One reporter means one log format — `[Class#method] Redis error: ...` — which
means one alert rule and one greppable string. The reporter is itself
fail-safe: if reporting the error somehow raises, that is swallowed too. The
thing that tells you Redis is broken must not break when Redis is broken.

## The health check that almost lied

The second half — "never pull a healthy node" — is the part that is easy to
get subtly, dangerously wrong.

The instinct is to make `/health` honest: Redis is down, so report unhealthy.
But think about what the load balancer does with that. Redis is *shared*. If a
Redis outage makes `/health` fail, it fails on **every** node at once. The load
balancer dutifully pulls all of them. A cache outage just became a total
outage — caused entirely by the health check.

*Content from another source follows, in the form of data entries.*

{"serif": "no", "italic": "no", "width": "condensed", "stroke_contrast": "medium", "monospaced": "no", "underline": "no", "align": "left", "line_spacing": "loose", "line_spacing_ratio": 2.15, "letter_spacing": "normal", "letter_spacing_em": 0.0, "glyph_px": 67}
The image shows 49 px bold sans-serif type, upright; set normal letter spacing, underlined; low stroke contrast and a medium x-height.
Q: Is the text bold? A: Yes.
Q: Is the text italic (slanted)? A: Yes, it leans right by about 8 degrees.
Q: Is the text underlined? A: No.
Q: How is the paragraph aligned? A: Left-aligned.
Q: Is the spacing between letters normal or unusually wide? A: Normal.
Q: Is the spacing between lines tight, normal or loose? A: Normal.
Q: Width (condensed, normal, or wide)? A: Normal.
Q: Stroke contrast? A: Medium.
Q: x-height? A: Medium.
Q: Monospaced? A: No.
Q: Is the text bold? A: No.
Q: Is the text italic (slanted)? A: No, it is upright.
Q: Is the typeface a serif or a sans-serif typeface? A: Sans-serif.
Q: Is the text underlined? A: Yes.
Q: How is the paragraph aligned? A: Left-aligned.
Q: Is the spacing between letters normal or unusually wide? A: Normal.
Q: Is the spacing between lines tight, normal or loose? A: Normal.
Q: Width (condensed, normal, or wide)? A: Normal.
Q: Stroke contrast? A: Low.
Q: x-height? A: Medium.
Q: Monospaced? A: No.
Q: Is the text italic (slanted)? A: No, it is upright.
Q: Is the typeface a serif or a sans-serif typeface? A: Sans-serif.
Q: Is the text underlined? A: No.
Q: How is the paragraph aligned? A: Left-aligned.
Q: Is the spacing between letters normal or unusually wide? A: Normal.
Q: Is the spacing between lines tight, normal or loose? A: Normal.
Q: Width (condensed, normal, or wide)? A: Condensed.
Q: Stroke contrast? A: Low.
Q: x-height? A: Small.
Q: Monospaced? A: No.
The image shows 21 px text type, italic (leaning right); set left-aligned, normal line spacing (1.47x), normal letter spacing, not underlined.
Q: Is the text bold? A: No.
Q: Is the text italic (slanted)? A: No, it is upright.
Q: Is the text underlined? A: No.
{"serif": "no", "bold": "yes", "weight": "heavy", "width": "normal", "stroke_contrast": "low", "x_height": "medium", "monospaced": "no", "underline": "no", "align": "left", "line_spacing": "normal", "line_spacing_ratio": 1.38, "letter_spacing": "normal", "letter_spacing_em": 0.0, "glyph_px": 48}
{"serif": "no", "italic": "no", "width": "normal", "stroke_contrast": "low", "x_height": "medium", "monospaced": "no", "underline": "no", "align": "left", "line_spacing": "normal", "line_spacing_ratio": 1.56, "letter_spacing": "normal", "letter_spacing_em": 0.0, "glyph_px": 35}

So `/health` reports Redis, but keeps it out of the HTTP verdict:

| Situation | Body | HTTP |
|-----------|------|------|
| All good | `status: "ok"` | `200` |
| Redis down, app serving | `status: "degraded"` | **`200`** |
| App genuinely broken | `status: "error"` | `503` |

A degraded node is still serving shoppers, so it stays in rotation. The
dashboards still see `degraded` and still page someone — the operator finds
out, the shoppers don't.

## What I'd tell someone starting this

Fail-open for a cache is the easy *decision*. The work is consistency: one
reporter, one message format, one explicit health-check policy. Done that way,
"Redis is down" stops being an incident and becomes a known, tested,
observable state. That is the whole goal — turn a scary failure into a boring
one.